History doesn’t repeat itself, historians repeat one another. I remember the Bay of Pigs very well. I doubt my daughter, or almost anyone in her generation has heard of it. How many in my generation remember the good ship Ruben James?
I guess when Barry was pursuing his studies he missed a basic principle in Econ 101...don’t manufacture for $10 what retails for $5.
Meanwhile, the article hit a few other high notes one of which is why did they build a manufacturing plant in a very high cost area for land and payroll. The answer is the “investors” were not in it for the money at least not at the outset. They were in it to show this solar panal could be viable. Fine, maybe the application worked in the lab BUT when it went into large scale production in a high cost area, it was doomed from the start. Barry et al were convinced they could overcome a problem by throwing money at it, just like with every other problem they face. It never works that way, never has never will.

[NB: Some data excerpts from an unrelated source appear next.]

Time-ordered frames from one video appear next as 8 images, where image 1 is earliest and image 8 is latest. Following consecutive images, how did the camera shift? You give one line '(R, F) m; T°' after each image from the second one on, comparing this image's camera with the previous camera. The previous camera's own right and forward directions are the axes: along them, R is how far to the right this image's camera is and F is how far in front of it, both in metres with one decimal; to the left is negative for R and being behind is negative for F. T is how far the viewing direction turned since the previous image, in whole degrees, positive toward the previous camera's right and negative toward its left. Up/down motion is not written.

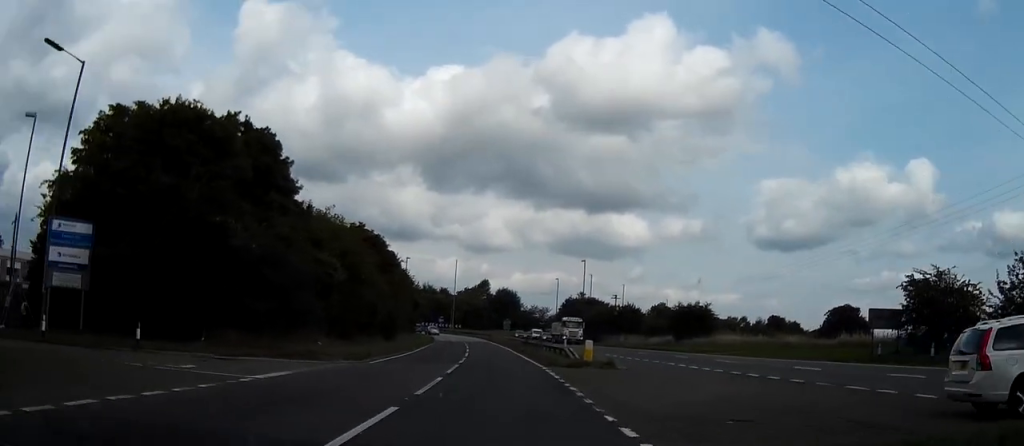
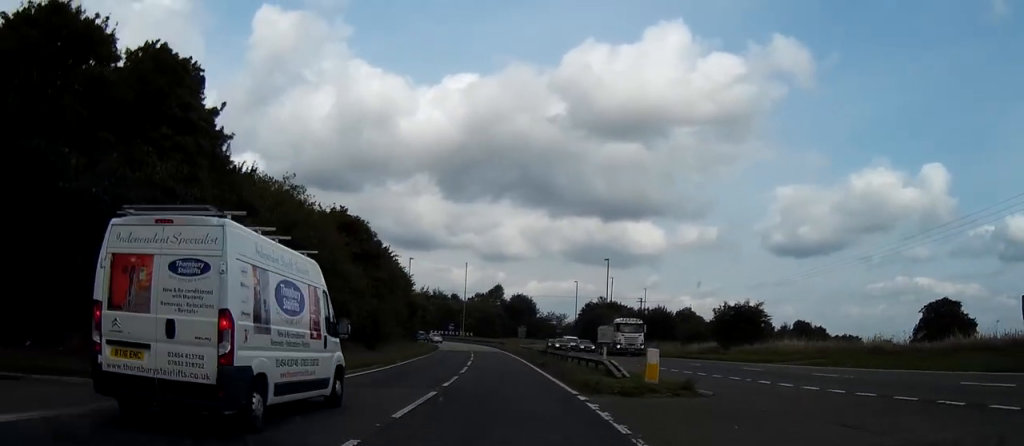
(0.0, +13.3) m; +1°
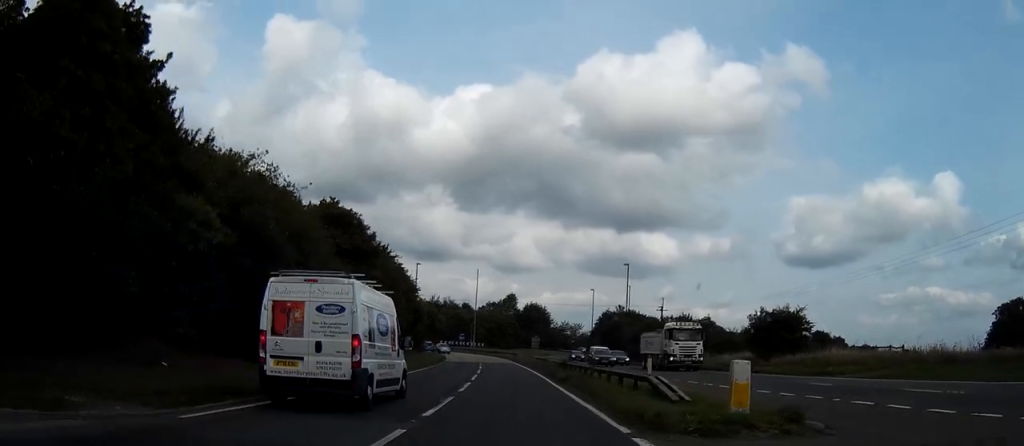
(0.0, +6.7) m; 0°
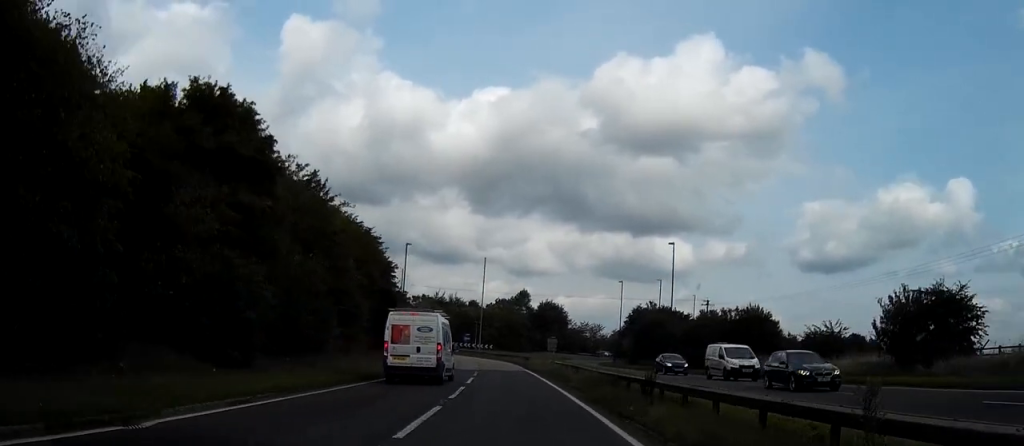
(+0.1, +20.1) m; -5°
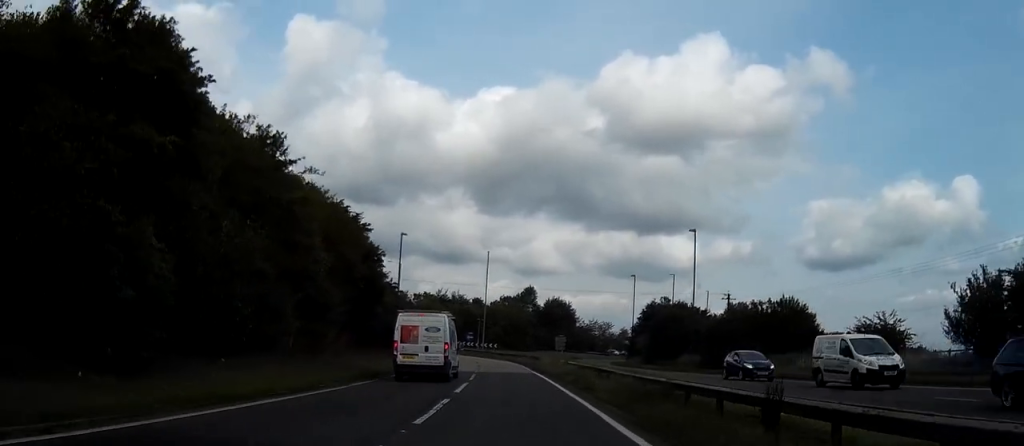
(-0.5, +6.8) m; -2°
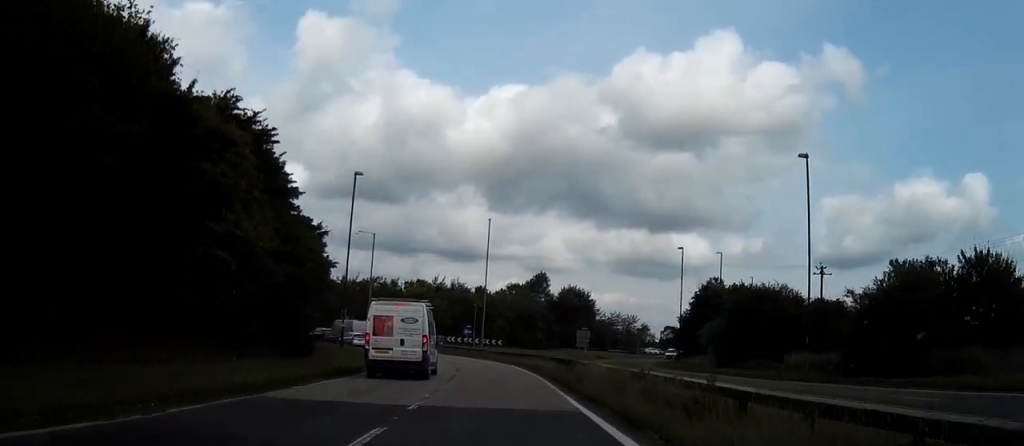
(-0.1, +25.4) m; +1°
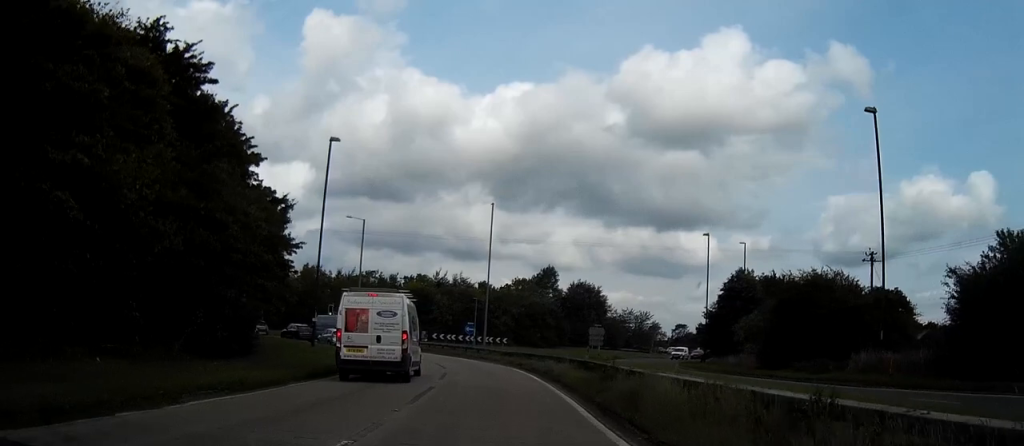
(+0.1, +8.8) m; 0°
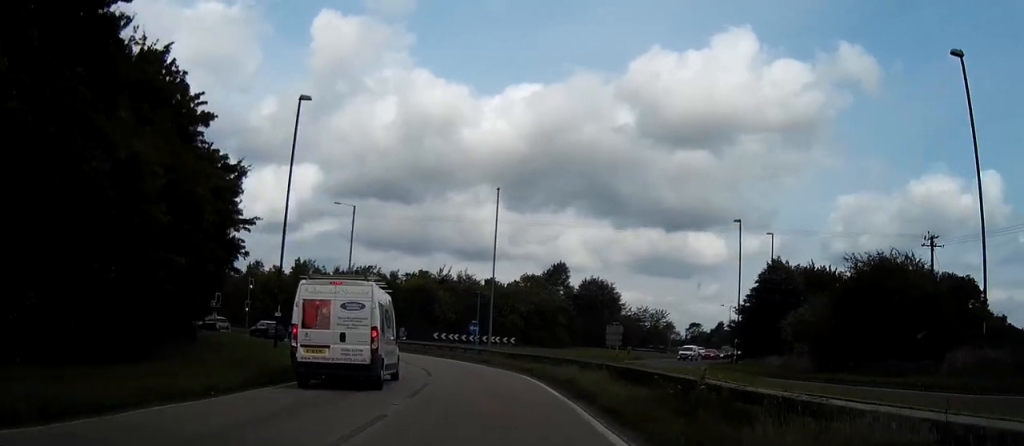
(-0.2, +8.2) m; -1°

Don’t miss this then:http://www.freerepublic.com/focus/f-news/2780069/posts
What an intteresting but appropriate caption;
“Solyndra; The Green Bay Of Pigs”
The referal to JFK’s term in office is most insightful. The interesting question. Would John Fitzgerald Kennedy had he not been asassinated been re-elected ? I (BTW I Voted since Eisenhower and around since Hoover)) for one would not have voted for him the second time. Two reasons; the assassination of South Viet Nam’s President Diem, and the Bay Of Pigs.
Had either of these two episodes been handled differently by a novice legislator going into the most important and complex executive office in the US, would we have had two foreign policy disasters lasting into this new century ? Namely Cuba, and South Viet Nam .
Some day our historical recall of that era may raise that issue.. Right now JFK’s short reign is getting histriionic and most ofter hysterical reviews.
He is one reason why I allways prefered a person with executive/ legislative experience at the nation’s helm.
thanks, that was great, very quotable:
for example:
"As it turns out, the $38.6 billion loan program for clean energy firms that Solyndra benefited from has created just 3,545 permanent new jobs after parceling out half its dough. That works out to around $5 million a job."
why people keep looking to the government to solve our problems is beyond me.